What you are asked to do ::
Nothing but the pictures should be left out when the entries below are duplicated.

Given entries ::

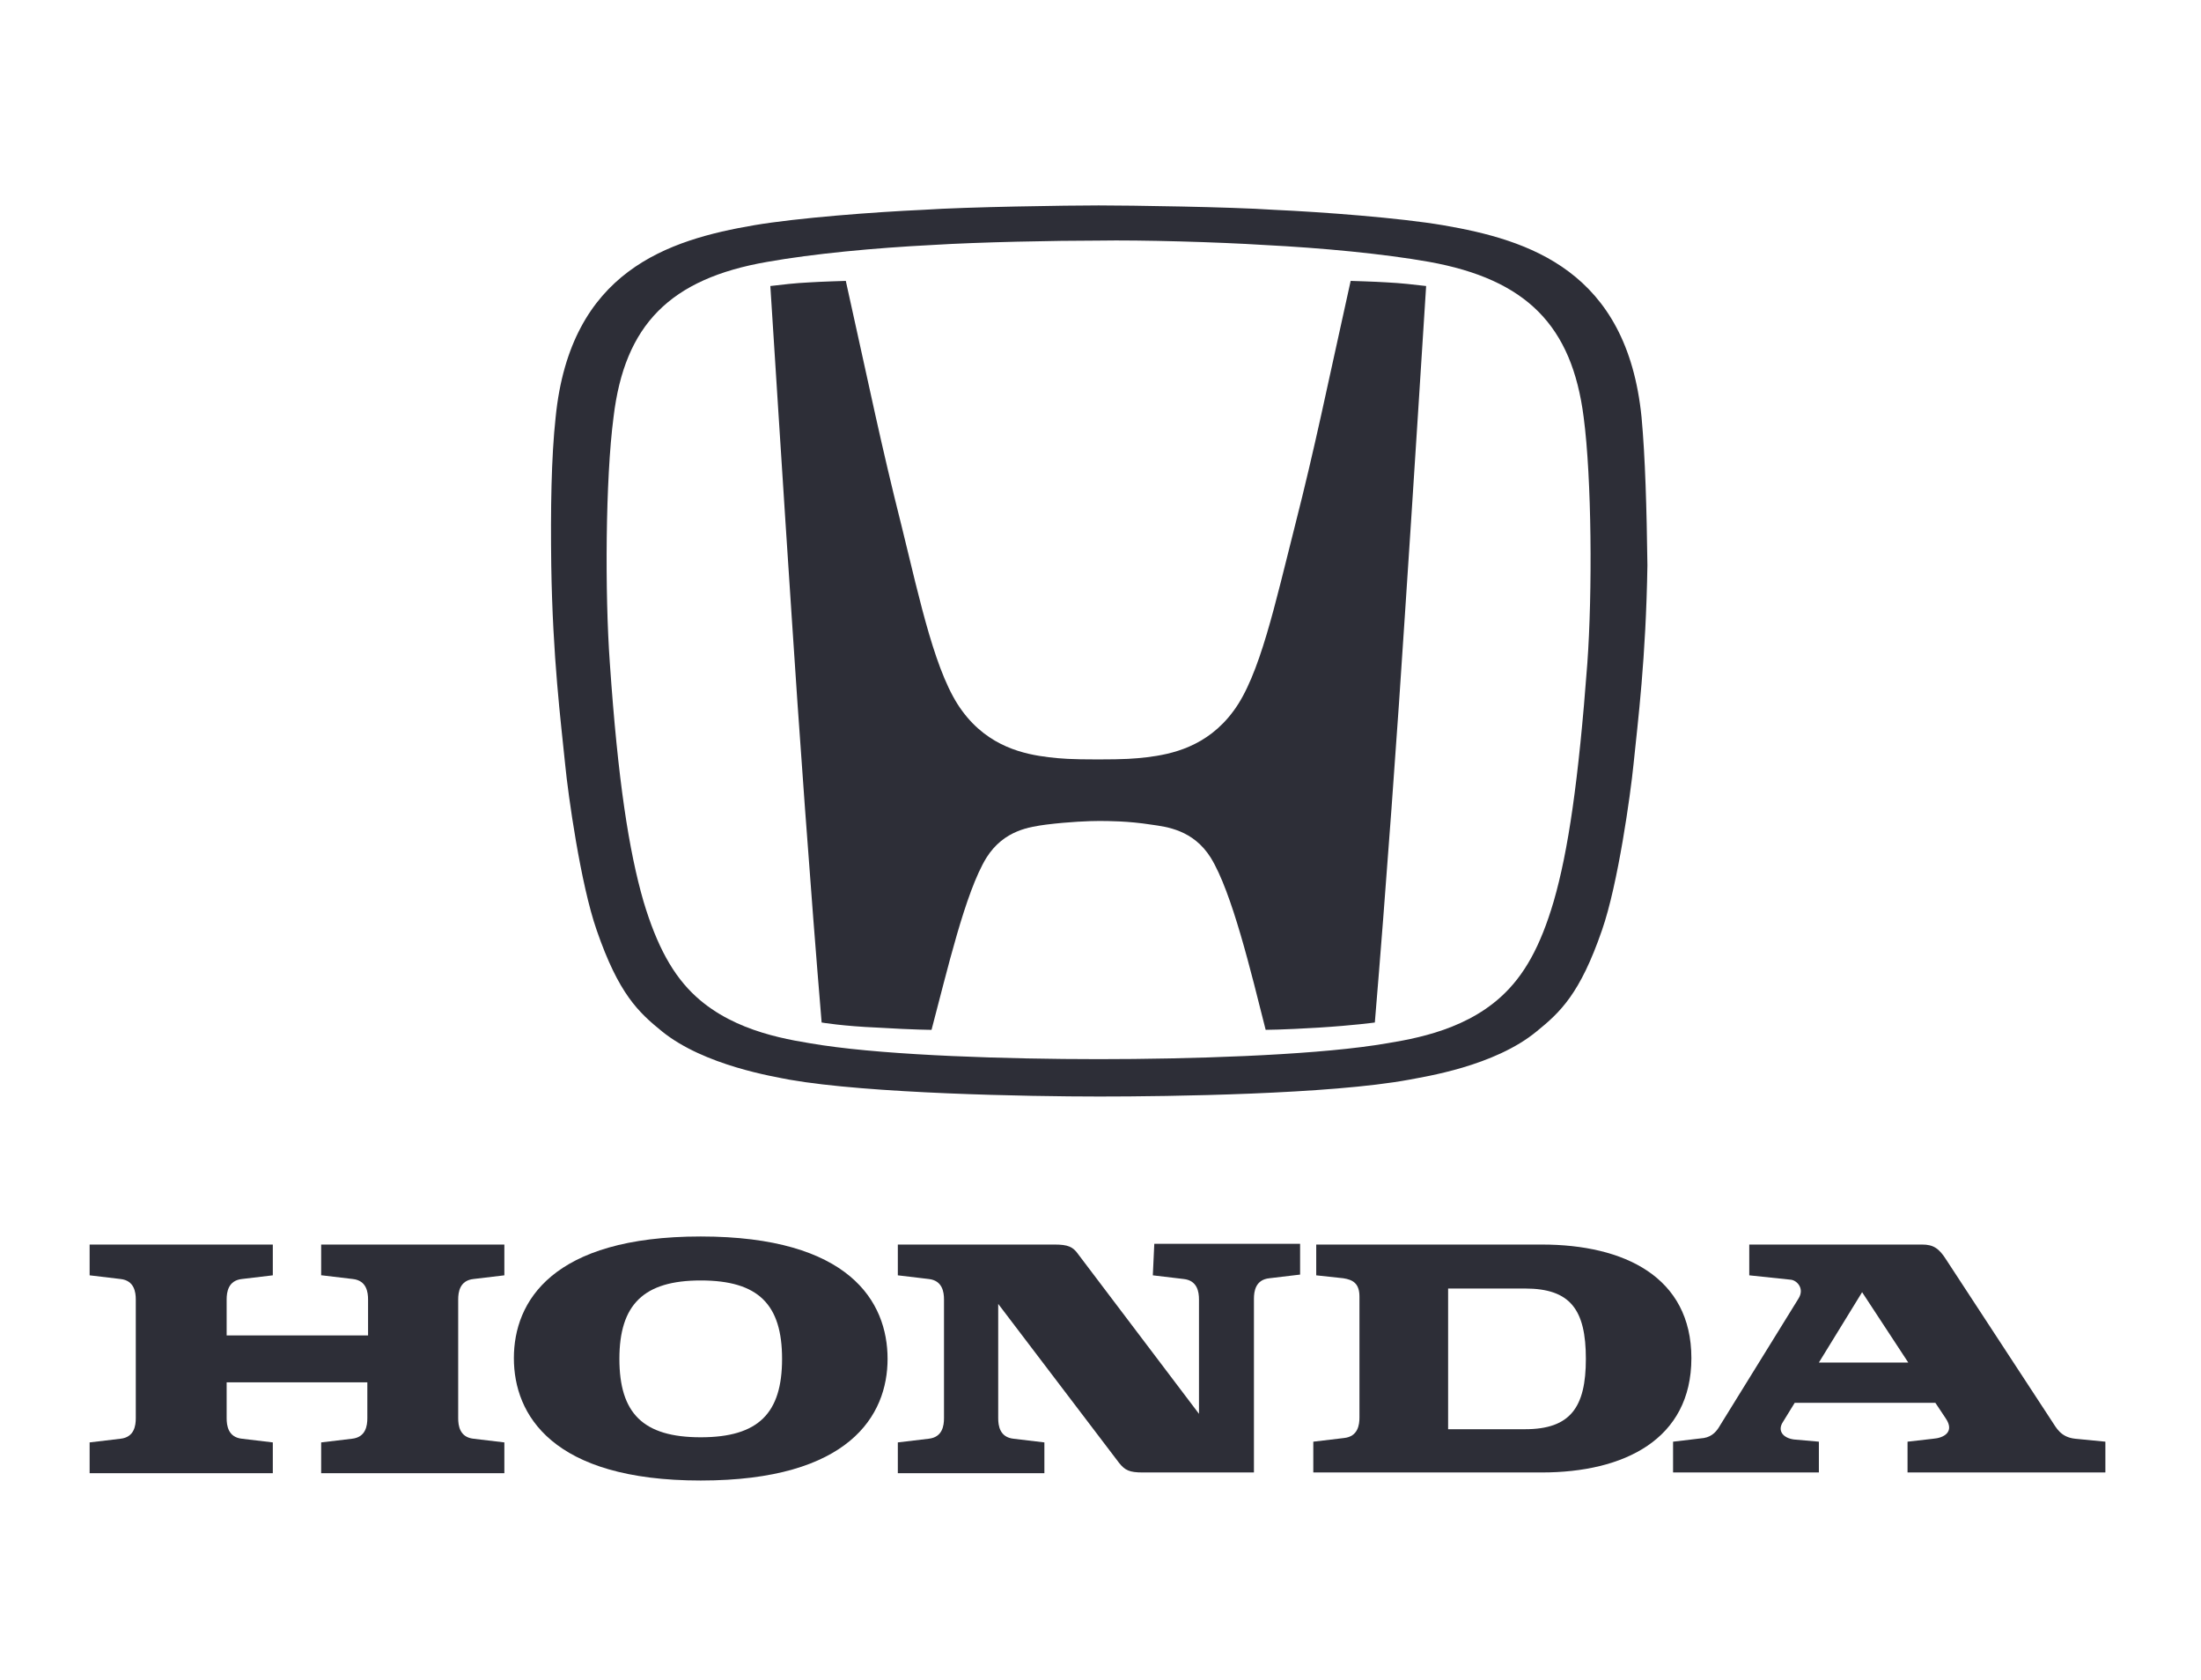 <svg width="173" height="132" viewBox="0 0 173 132" fill="none" xmlns="http://www.w3.org/2000/svg">
<g clip-path="url(#clip0_19_73)">
<path d="M25.302 100.23L27.721 100.518C28.815 100.633 28.93 101.555 28.93 102.131V104.953H17.815V102.131C17.815 101.555 17.93 100.633 19.024 100.518L21.443 100.23V97.811H7.045V100.23L9.464 100.518C10.558 100.633 10.673 101.555 10.673 102.131V111.461C10.673 112.037 10.558 112.958 9.464 113.073L7.045 113.361V115.78H21.443V113.361L19.024 113.073C17.93 112.958 17.815 112.037 17.815 111.461V108.639H28.873V111.461C28.873 112.037 28.758 112.958 27.663 113.073L25.244 113.361V115.78H39.643V113.361L37.224 113.073C36.13 112.958 36.014 112.037 36.014 111.461V102.131C36.014 101.555 36.13 100.633 37.224 100.518L39.643 100.23V97.811H25.244V100.23H25.302Z" fill="#2D2E37"/>
<path d="M121.195 97.811H103.456V100.23L105.587 100.46C106.336 100.576 106.854 100.863 106.854 101.9V111.403C106.854 111.979 106.739 112.9 105.644 113.016L103.226 113.304V115.722H121.195C127.645 115.722 132.944 113.131 132.944 106.738C132.944 100.345 127.645 97.811 121.195 97.811ZM119.87 112.324H113.823V101.267H119.87C123.441 101.267 124.65 102.937 124.65 106.796C124.65 110.597 123.441 112.324 119.87 112.324Z" fill="#2D2E37"/>
<path d="M163.122 113.073C161.971 112.958 161.625 112.209 161.279 111.691L152.986 99.02C152.41 98.099 151.949 97.811 151.085 97.811H137.493V100.23L140.776 100.576C141.237 100.633 141.871 101.267 141.352 102.073L135.19 112.037C134.959 112.44 134.614 112.9 133.923 113.016L131.504 113.304V115.722H142.965V113.304L141.007 113.131C140.143 113.016 139.682 112.44 140.143 111.749L141.064 110.251H152.122L152.928 111.461C153.677 112.555 152.756 113.016 151.949 113.073L149.934 113.304V115.722H165.484V113.304L163.122 113.073ZM142.965 107.084L146.363 101.555L149.991 107.084H142.965Z" fill="#2D2E37"/>
<path d="M90.613 100.23L93.031 100.518C94.126 100.633 94.241 101.555 94.241 102.13V111.115L84.738 98.56C84.335 97.984 83.932 97.811 82.895 97.811H70.57V100.23L72.989 100.518C74.083 100.633 74.199 101.555 74.199 102.13V111.461C74.199 112.037 74.083 112.958 72.989 113.073L70.57 113.361V115.78H82.089V113.361L79.67 113.073C78.576 112.958 78.46 112.037 78.46 111.461V102.476L87.963 114.974C88.424 115.55 88.77 115.722 89.806 115.722H89.921H98.56V102.073C98.56 101.497 98.676 100.575 99.77 100.46L102.189 100.172V97.753H90.728L90.613 100.23Z" fill="#2D2E37"/>
<path d="M55.078 97.177C43.386 97.177 40.391 102.303 40.391 106.738C40.391 111.173 43.386 116.356 55.078 116.356C66.769 116.356 69.764 111.23 69.764 106.796C69.764 102.303 66.769 97.177 55.078 97.177ZM55.078 112.958C50.528 112.958 48.685 111.057 48.685 106.796C48.685 102.534 50.585 100.633 55.078 100.633C59.627 100.633 61.471 102.534 61.471 106.796C61.471 111.057 59.627 112.958 55.078 112.958Z" fill="#2D2E37"/>
<path d="M106.163 22.076C104.205 30.888 103.398 34.977 101.786 41.312C100.231 47.417 99.021 53.119 96.948 55.883C94.874 58.705 92.052 59.281 90.152 59.512C89.173 59.627 88.424 59.684 86.293 59.684C84.162 59.684 83.413 59.627 82.434 59.512C80.534 59.281 77.712 58.705 75.638 55.883C73.565 53.119 72.356 47.417 70.858 41.312C69.246 34.919 68.439 30.888 66.481 22.076C66.481 22.076 64.523 22.134 63.659 22.191C62.45 22.249 61.528 22.364 60.549 22.479C60.549 22.479 61.701 40.621 62.219 48.339C62.738 56.402 63.717 70.051 64.581 80.36C64.581 80.36 66.251 80.648 69.015 80.763C71.895 80.936 73.219 80.936 73.219 80.936C74.429 76.386 75.869 70.109 77.539 67.402C78.921 65.213 80.995 64.983 82.204 64.81C84.047 64.58 85.66 64.522 86.351 64.522C87.099 64.522 88.654 64.522 90.497 64.81C91.707 64.983 93.78 65.213 95.162 67.402C96.833 70.109 98.33 76.386 99.482 80.936C99.482 80.936 100.749 80.936 103.629 80.763C106.393 80.591 108.063 80.36 108.063 80.36C108.927 70.051 109.906 56.459 110.425 48.339C110.943 40.679 112.095 22.479 112.095 22.479C111.116 22.364 110.137 22.249 108.985 22.191C108.121 22.134 106.163 22.076 106.163 22.076Z" fill="#2D2E37"/>
<path d="M129.027 32.788C127.875 21.27 120.158 18.851 113.419 17.699C110.022 17.123 103.974 16.662 100.115 16.489C96.718 16.259 88.77 16.144 86.351 16.144C83.932 16.144 75.984 16.259 72.586 16.489C68.727 16.662 62.68 17.123 59.282 17.699C52.544 18.851 44.826 21.27 43.674 32.788C43.329 35.956 43.271 40.045 43.329 44.422C43.444 51.736 44.077 56.632 44.423 60.087C44.653 62.449 45.632 69.475 46.899 73.104C48.627 78.114 50.182 79.554 52.025 81.051C55.366 83.758 60.895 84.622 62.046 84.853C68.266 85.947 80.822 86.177 86.408 86.177C91.937 86.177 104.55 86.004 110.77 84.853C111.922 84.622 117.451 83.816 120.791 81.051C122.634 79.554 124.189 78.114 125.917 73.104C127.184 69.475 128.163 62.391 128.394 60.087C128.739 56.69 129.373 51.736 129.488 44.422C129.43 39.987 129.315 35.898 129.027 32.788ZM124.765 52.14C124.074 61.355 123.268 66.883 122.116 70.858C121.079 74.371 119.812 76.674 117.969 78.345C114.859 81.167 110.597 81.743 108.063 82.146C102.65 82.952 93.492 83.24 86.351 83.24C79.152 83.24 70.052 82.952 64.638 82.146C62.104 81.743 57.842 81.167 54.732 78.345C52.889 76.674 51.622 74.313 50.585 70.858C49.434 66.883 48.57 61.355 47.936 52.14C47.533 46.611 47.59 37.626 48.224 32.788C49.088 25.532 52.659 21.903 60.319 20.579C63.889 19.945 68.727 19.484 73.277 19.254C76.963 19.024 82.953 18.909 86.351 18.909C89.691 18.851 95.738 19.024 99.367 19.254C103.917 19.484 108.754 19.945 112.325 20.579C119.985 21.961 123.556 25.589 124.477 32.788C125.111 37.569 125.168 46.553 124.765 52.14Z" fill="#2D2E37"/>
</g>
<defs>
<clipPath id="clip0_19_73">
<rect width="158.554" height="100.5" fill="white" transform="translate(7 16)"/>
</clipPath>
</defs>
</svg>

Task answer ::
 <svg width="173" height="132" viewBox="0 0 173 132" fill="none" xmlns="http://www.w3.org/2000/svg">
<g clip-path="url(#clip0_19_73)">
<path d="M25.302 100.23L27.721 100.518C28.815 100.633 28.93 101.555 28.93 102.131V104.953H17.815V102.131C17.815 101.555 17.93 100.633 19.024 100.518L21.443 100.23V97.811H7.045V100.23L9.464 100.518C10.558 100.633 10.673 101.555 10.673 102.131V111.461C10.673 112.037 10.558 112.958 9.464 113.073L7.045 113.361V115.78H21.443V113.361L19.024 113.073C17.93 112.958 17.815 112.037 17.815 111.461V108.639H28.873V111.461C28.873 112.037 28.758 112.958 27.663 113.073L25.244 113.361V115.78H39.643V113.361L37.224 113.073C36.13 112.958 36.014 112.037 36.014 111.461V102.131C36.014 101.555 36.13 100.633 37.224 100.518L39.643 100.23V97.811H25.244V100.23H25.302Z" fill="#2D2E37"/>
<path d="M121.195 97.811H103.456V100.23L105.587 100.46C106.336 100.576 106.854 100.863 106.854 101.9V111.403C106.854 111.979 106.739 112.9 105.644 113.016L103.226 113.304V115.722H121.195C127.645 115.722 132.944 113.131 132.944 106.738C132.944 100.345 127.645 97.811 121.195 97.811ZM119.87 112.324H113.823V101.267H119.87C123.441 101.267 124.65 102.937 124.65 106.796C124.65 110.597 123.441 112.324 119.87 112.324Z" fill="#2D2E37"/>
<path d="M163.122 113.073C161.971 112.958 161.625 112.209 161.279 111.691L152.986 99.02C152.41 98.099 151.949 97.811 151.085 97.811H137.493V100.23L140.776 100.576C141.237 100.633 141.871 101.267 141.352 102.073L135.19 112.037C134.959 112.44 134.614 112.9 133.923 113.016L131.504 113.304V115.722H142.965V113.304L141.007 113.131C140.143 113.016 139.682 112.44 140.143 111.749L141.064 110.251H152.122L152.928 111.461C153.677 112.555 152.756 113.016 151.949 113.073L149.934 113.304V115.722H165.484V113.304L163.122 113.073ZM142.965 107.084L146.363 101.555L149.991 107.084H142.965Z" fill="#2D2E37"/>
<path d="M90.613 100.23L93.031 100.518C94.126 100.633 94.241 101.555 94.241 102.13V111.115L84.738 98.56C84.335 97.984 83.932 97.811 82.895 97.811H70.57V100.23L72.989 100.518C74.083 100.633 74.199 101.555 74.199 102.13V111.461C74.199 112.037 74.083 112.958 72.989 113.073L70.57 113.361V115.78H82.089V113.361L79.67 113.073C78.576 112.958 78.46 112.037 78.46 111.461V102.476L87.963 114.974C88.424 115.55 88.77 115.722 89.806 115.722H89.921H98.56V102.073C98.56 101.497 98.676 100.575 99.77 100.46L102.189 100.172V97.753H90.728L90.613 100.23Z" fill="#2D2E37"/>
<path d="M55.078 97.177C43.386 97.177 40.391 102.303 40.391 106.738C40.391 111.173 43.386 116.356 55.078 116.356C66.769 116.356 69.764 111.23 69.764 106.796C69.764 102.303 66.769 97.177 55.078 97.177ZM55.078 112.958C50.528 112.958 48.685 111.057 48.685 106.796C48.685 102.534 50.585 100.633 55.078 100.633C59.627 100.633 61.471 102.534 61.471 106.796C61.471 111.057 59.627 112.958 55.078 112.958Z" fill="#2D2E37"/>
<path d="M106.163 22.076C104.205 30.888 103.398 34.977 101.786 41.312C100.231 47.417 99.021 53.119 96.948 55.883C94.874 58.705 92.052 59.281 90.152 59.512C89.173 59.627 88.424 59.684 86.293 59.684C84.162 59.684 83.413 59.627 82.434 59.512C80.534 59.281 77.712 58.705 75.638 55.883C73.565 53.119 72.356 47.417 70.858 41.312C69.246 34.919 68.439 30.888 66.481 22.076C66.481 22.076 64.523 22.134 63.659 22.191C62.45 22.249 61.528 22.364 60.549 22.479C60.549 22.479 61.701 40.621 62.219 48.339C62.738 56.402 63.717 70.051 64.581 80.36C64.581 80.36 66.251 80.648 69.015 80.763C71.895 80.936 73.219 80.936 73.219 80.936C74.429 76.386 75.869 70.109 77.539 67.402C78.921 65.213 80.995 64.983 82.204 64.81C84.047 64.58 85.66 64.522 86.351 64.522C87.099 64.522 88.654 64.522 90.497 64.81C91.707 64.983 93.78 65.213 95.162 67.402C96.833 70.109 98.33 76.386 99.482 80.936C99.482 80.936 100.749 80.936 103.629 80.763C106.393 80.591 108.063 80.36 108.063 80.36C108.927 70.051 109.906 56.459 110.425 48.339C110.943 40.679 112.095 22.479 112.095 22.479C111.116 22.364 110.137 22.249 108.985 22.191C108.121 22.134 106.163 22.076 106.163 22.076Z" fill="#2D2E37"/>
<path d="M129.027 32.788C127.875 21.27 120.158 18.851 113.419 17.699C110.022 17.123 103.974 16.662 100.115 16.489C96.718 16.259 88.77 16.144 86.351 16.144C83.932 16.144 75.984 16.259 72.586 16.489C68.727 16.662 62.68 17.123 59.282 17.699C52.544 18.851 44.826 21.27 43.674 32.788C43.329 35.956 43.271 40.045 43.329 44.422C43.444 51.736 44.077 56.632 44.423 60.087C44.653 62.449 45.632 69.475 46.899 73.104C48.627 78.114 50.182 79.554 52.025 81.051C55.366 83.758 60.895 84.622 62.046 84.853C68.266 85.947 80.822 86.177 86.408 86.177C91.937 86.177 104.55 86.004 110.77 84.853C111.922 84.622 117.451 83.816 120.791 81.051C122.634 79.554 124.189 78.114 125.917 73.104C127.184 69.475 128.163 62.391 128.394 60.087C128.739 56.69 129.373 51.736 129.488 44.422C129.43 39.987 129.315 35.898 129.027 32.788ZM124.765 52.14C124.074 61.355 123.268 66.883 122.116 70.858C121.079 74.371 119.812 76.674 117.969 78.345C114.859 81.167 110.597 81.743 108.063 82.146C102.65 82.952 93.492 83.24 86.351 83.24C79.152 83.24 70.052 82.952 64.638 82.146C62.104 81.743 57.842 81.167 54.732 78.345C52.889 76.674 51.622 74.313 50.585 70.858C49.434 66.883 48.57 61.355 47.936 52.14C47.533 46.611 47.59 37.626 48.224 32.788C49.088 25.532 52.659 21.903 60.319 20.579C63.889 19.945 68.727 19.484 73.277 19.254C76.963 19.024 82.953 18.909 86.351 18.909C89.691 18.851 95.738 19.024 99.367 19.254C103.917 19.484 108.754 19.945 112.325 20.579C119.985 21.961 123.556 25.589 124.477 32.788C125.111 37.569 125.168 46.553 124.765 52.14Z" fill="#2D2E37"/>
</g>
<defs>
<clipPath id="clip0_19_73">
<rect width="158.554" height="100.5" fill="white" transform="translate(7 16)"/>
</clipPath>
</defs>
</svg>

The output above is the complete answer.